5. Be an active participant
Costello looked at the half-dozen expectant fathers around the table. “Remember, dads, it’s your baby, too. You’re a critical part of the process.”
In the days and weeks before your baby’s due date, make sure your car’s gas tank isn’t running on empty. Make sure both you and your wife are packed for the hospital, including a possible change of clothes, a toothbrush, mouthwash, and camera or camcorder. Discuss with your wife whether you want to have a birth plan. If you do, Costello suggests you keep it short and sweet by expressing a few important thoughts, or the hospital staff may overlook your wishes.
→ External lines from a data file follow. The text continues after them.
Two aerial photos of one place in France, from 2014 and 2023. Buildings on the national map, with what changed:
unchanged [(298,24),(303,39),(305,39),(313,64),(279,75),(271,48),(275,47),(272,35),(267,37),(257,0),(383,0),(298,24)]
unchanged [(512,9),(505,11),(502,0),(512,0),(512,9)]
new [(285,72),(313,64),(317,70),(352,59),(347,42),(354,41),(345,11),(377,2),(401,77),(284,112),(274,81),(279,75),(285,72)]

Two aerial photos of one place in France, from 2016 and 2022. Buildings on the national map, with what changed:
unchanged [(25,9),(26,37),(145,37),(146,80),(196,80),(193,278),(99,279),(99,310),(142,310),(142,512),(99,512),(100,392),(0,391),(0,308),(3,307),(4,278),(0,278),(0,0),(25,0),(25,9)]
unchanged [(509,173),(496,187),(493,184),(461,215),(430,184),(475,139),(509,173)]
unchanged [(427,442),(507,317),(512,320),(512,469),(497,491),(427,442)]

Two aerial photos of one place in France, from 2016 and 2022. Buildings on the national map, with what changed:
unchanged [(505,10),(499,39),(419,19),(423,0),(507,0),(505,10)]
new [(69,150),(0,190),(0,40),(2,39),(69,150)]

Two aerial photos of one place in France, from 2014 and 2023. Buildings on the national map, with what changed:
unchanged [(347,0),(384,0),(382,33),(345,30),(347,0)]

During early labor, make sure your wife drinks plenty of liquids. Pour her a glass of nonacidic juice such as apple juice or pineapple juice, honey and water, an herbal tea, or just plain water to ward off dehydration. Offer her a bagel, yogurt, or something bland – she might not get anything solid to eat at the hospital for many hours after the baby’s birth. Finish packing and just revel in this special time.
When you head to the hospital, drive carefully. This isn’t the time for pushing the pedal to the metal. When you get to the labor room, stick around to provide comfort and support. “The transition stage is not the time to head out for a long lunch,” Costello advised. Feel free to bring fruit or a cooler along if it’s in the middle of the night.
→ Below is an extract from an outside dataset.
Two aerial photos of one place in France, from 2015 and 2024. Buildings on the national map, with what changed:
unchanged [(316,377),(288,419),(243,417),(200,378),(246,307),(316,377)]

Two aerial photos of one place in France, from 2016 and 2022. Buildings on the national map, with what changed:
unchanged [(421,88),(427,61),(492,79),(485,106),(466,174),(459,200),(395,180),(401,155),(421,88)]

6. Take control of the delivery room
The doctors and nurses are in charge of your wife’s care, but you and she have a big say in personalizing your room. When it’s time to rest, soften the lighting. Freshen the smell by taking along aromatherapy balls, potpourri, or scented oils. Bring pictures and your own music. I found a portable CD player in the garage and packed some of Mary’s favorite CDs. Bring some mellow tunes, but also some peppier, uptempo rhythms to change the energy in the room if your baby’s taking too long to make an appearance.
7. Know how to play coach
Dads, get in your wife’s face to tell her you love her and that soon you’ll have a beautiful baby to hold and love. Be a nurturing, empathetic coach. Reassure her that she’s doing fine. Encourage her to send nice, long breaths to your baby. Stroke her hair, massage her neck or shoulders. Help her visualize a soothing setting. See our other tips on how to be a great labor coach.
8. Be prepared
We watched two videos of vaginal births and one of a c-section. All showed the messy, unglamorous side of labor. Few of us get to hold a newborn, so don’t be surprised if the baby’s skin looks wrinkled, his color is gray, his head is molded into a cone shape, and, in truth, he doesn’t even look like a baby. “Don’t worry if your baby’s head looks like an alien’s,” Costello said. Also remember that childbirth doesn’t end with the baby’s appearance. It takes another five to 20 minutes to expel the placenta.
9. Cut the cord if you want
Today, most dads choose to cut the baby’s umbilical cord in the first minutes after birth. “It’s your right, but sometimes they forget,” Costello said, “so make sure you remind the doctor.”
10. Read further
Costello recommended several books: The Birth Book (Little, Brown, 1994) by William and Martha Sears; Sheila Kitzinger’s The Complete Book of Pregnancy and Childbirth (Knopf, 1985); Carl Jones’s Mind Over Labor (Penguin, 1987); and Pregnancy, Childbirth, and the Newborn: The Complete Guide (Meadowbrook Press, 1991) by Penny Simkin, Janet Whalley, and Ann Keppler. And there’s no substitute for exchanging questions or swapping tales with other moms-to-be and expectant fathers. BabyCenter’s bulletin boards bring together expectant mothers by due date and also provide a place for expectant dads to hang out.